OPINION | JOHN BRUMMETT: The poll that matters here


A big poll is due for televised release today from Hendrix College and Talk Business and Politics.

The people who did the survey wouldn't give me the widely awaited numbers in the Arkansas governor's race. They chose to save those for the "Capitol View" and "Talk Business and Politics" programs this morning.

But they extended me the kindness of sharing the number that drives and defines everything else.

I refer to Joe Biden's unfavorability rating, which is, in Arkansas, according to this sample of 835 likely voter respondents, 62 percent. Put it this way: Of any three Arkansas likely voters, nearly two of them don't like their president.

That tells me the determining factor in Arkansas politics is not adoration for Donald Trump. It's disdain at a higher rate for what is both real and perceived of liberal Democrats in Washington. Biden is the catch-all for Nancy Pelosi, Chuck Schumer and pretty much any Democrat not Joe Manchin.

I submit the following to be the quintessential Arkansas political conversation of the moment:

"Why do you still love Trump with the way he behaves?"

"I don't. It just means more to me right now not to have to say new gender pronouns and worry about trying to fight crime with social workers."

Here's why the Biden negative rating means everything in Arkansas: All politics is nationalized anymore, entirely about national issues and profiles. Local news consumption is in decline. Most people in Arkansas get their political information from Tucker Carlson and Sean Hannity or through the algorithms that send them to the Internet sites that will best suit them.

Whereas Bill Clinton could fashion his own Arkansas-centric persona as a Democratic governor in the 1980s, worrying not at all about national cable news but intently about the Arkansas Gazette and Arkansas Democrat, current Democratic gubernatorial nominee Chris Jones can't do that.

The people Clinton charmed at the mall or county fair are at home learning what they think from Fox. They're shopping not at the mall, but on Amazon.

Liberal-minded Arkansans complain that Jones' opponent, Sarah Huckabee Sanders, never talks of issues specific to Arkansas or the governor's responsibility. She merely puts on Twitter that Biden and the Democrats are horrible.

It simply doesn't matter whether she can explain the Revenue Stabilization Act or the school funding formula. It only matters that she is a veteran of running modern campaigns and reading polls.

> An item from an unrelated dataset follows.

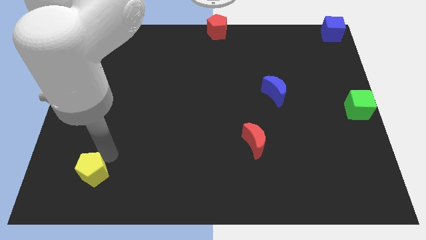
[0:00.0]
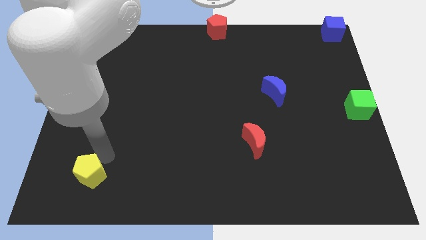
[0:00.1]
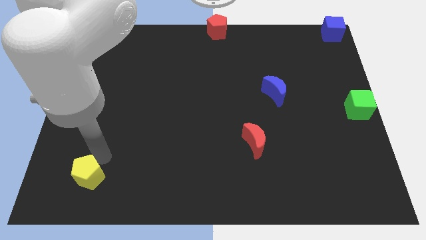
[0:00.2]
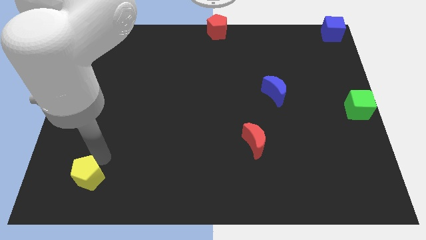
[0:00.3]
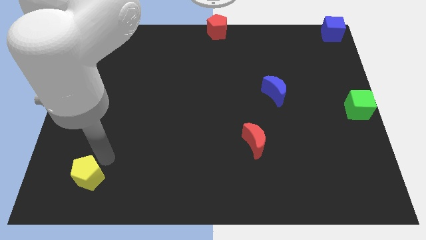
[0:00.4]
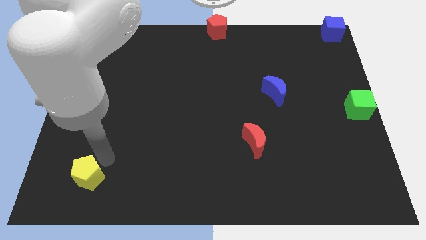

Trump's favorable rating in this poll is 48 percent, same as his unfavorable. A latter number that high was considered fatal not so long ago. But now the ideal is to be hated plenty, to stay true to your base, just less than your opponent.

What will be telling in today's Sanders-Jones numbers is whether the Biden negative rating will apply snugly. Will Sanders lead by 62-38, reflecting the feelings about Biden? Or will she be beneath 62, under-performing what ought to be hers?

And might Jones possibly come in higher than 38 percent, the number having favorable or at least non-hostile views of Biden? He'd be over-performing, picking up a few votes on his own from people who don't like Biden.

It appeared in midweek that Sanders might be worried about under-performing. On Wednesday, she went on Twitter and touted a poll by a national outfit described as mildly right-leaning that showed her with a 62-32 lead, getting her full Biden-averse share while Jones came in shy of his cap of 38.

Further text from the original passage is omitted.